Despite the recent cryptocurrency market volatility, the amount of Bitcoin in the crypto wallets of long-term holders consistently increased. At press time, BTC was consolidating around the $40k mark with a fresh dip of 1% in just 24 hours. While there was a rising uncertainty, HODLers had made their stance quite clear.

Positive on-chain sign

The total balance of Bitcoin held by investors who possessed it for over one year was over 11.7 million BTC (around $477 billion) at press time. This marked a new high, according to a chart shared by leading crypto analyst Lucas Outumuro, the Head of Research at crypto market analytics platform IntoTheBlock, on 17 March.

Source: Twitter

BTC hodlers have been accumulating, thereby, increasing their holdings by nearly 20% since December 2021. This was quite evident in the aforementioned graph.

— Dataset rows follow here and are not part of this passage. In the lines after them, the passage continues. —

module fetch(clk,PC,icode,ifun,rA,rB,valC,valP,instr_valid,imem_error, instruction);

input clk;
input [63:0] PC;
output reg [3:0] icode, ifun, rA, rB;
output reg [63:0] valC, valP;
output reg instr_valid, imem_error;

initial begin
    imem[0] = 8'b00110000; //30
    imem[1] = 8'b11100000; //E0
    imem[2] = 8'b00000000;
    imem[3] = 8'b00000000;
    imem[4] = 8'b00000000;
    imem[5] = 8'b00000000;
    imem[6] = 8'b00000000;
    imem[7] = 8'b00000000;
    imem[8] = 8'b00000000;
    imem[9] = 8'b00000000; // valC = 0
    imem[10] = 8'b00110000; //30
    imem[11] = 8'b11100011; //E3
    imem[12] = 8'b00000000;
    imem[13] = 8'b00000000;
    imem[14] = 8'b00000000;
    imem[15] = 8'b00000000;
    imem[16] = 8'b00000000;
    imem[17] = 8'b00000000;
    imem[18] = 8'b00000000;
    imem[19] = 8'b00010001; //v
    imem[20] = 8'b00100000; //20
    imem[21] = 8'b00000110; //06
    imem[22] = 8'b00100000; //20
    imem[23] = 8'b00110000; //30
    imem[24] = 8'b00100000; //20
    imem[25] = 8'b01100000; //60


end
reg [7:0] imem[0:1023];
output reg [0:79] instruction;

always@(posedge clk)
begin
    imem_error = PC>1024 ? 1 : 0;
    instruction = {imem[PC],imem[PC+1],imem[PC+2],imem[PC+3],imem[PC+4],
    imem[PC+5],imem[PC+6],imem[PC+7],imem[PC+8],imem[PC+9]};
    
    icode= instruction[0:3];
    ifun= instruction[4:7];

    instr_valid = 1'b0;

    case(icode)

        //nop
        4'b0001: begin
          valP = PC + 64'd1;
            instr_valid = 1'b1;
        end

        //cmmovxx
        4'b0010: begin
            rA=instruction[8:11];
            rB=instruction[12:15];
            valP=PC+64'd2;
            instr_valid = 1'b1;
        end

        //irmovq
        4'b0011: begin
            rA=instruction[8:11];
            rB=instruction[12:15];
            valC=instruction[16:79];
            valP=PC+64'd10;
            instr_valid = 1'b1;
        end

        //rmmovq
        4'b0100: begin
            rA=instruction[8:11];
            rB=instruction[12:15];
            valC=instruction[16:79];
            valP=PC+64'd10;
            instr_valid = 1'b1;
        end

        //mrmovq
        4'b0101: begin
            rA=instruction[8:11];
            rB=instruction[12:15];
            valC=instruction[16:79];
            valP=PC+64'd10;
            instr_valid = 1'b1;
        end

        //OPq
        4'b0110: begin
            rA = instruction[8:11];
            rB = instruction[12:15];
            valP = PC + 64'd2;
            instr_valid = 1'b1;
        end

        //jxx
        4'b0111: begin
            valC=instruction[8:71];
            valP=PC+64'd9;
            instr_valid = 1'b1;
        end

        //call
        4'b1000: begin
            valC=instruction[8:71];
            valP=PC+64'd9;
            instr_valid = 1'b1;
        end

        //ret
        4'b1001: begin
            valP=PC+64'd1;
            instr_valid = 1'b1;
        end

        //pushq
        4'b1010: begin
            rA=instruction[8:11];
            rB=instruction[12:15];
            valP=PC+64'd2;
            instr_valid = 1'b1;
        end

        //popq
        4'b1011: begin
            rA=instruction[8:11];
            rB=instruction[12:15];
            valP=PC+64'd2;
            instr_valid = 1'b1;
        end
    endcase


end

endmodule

Accumulation on an increased scale correlated with late-stage bear markets, followed by supply squeeze and initiation of cyclical bull runs.

Long-term holders continue moderate accumulation and/or short-term holder supply aged into long-term holder supply. For context, the accumulation happening today lower than the level of accumulation witnessed in June to September 2021. Regardless, it was a positive on-chain sign to see long-term holder supply neutral-to-rising in the current macro environment.

Source: DeepDiveBTC

Long-term holder supply increased by 52,648 coins over the last 30 days relative to the peak of approximately 630,000 coins in June 2021. That June 2021 period followed one of the largest long-term holder distribution periods (selling into higher prices) in the last five years.

In addition, the illiquid supply continued to increase, displaying a similar trend. Even in this drawdown period, percentage of illiquid circulating supply had surpassed 2021’s high of 76.02% to 76.25%.

Any concerns? 

On 18 March, the difficulty of the Bitcoin network decreased by 0.35%. This was the first time since July 2021 that the mining difficulty reduced twice. On 4 March, it decreased by another 1.49%. At press time, the hashrate of the entire network was around 205EH/s. The decrease was a result of miners unplugging their machines due to high energy costs.

Electricity prices soared across the world as one of the world’s largest exporters of fossil fuels, Russia, was enthralled in a war with Ukraine. That’s why global energy supply chains were severed by sanctions.

It’s unclear right now where the crypto might head next, but if the low short-term supply is anything to go by, long-term investor sentiment seems to be bullish.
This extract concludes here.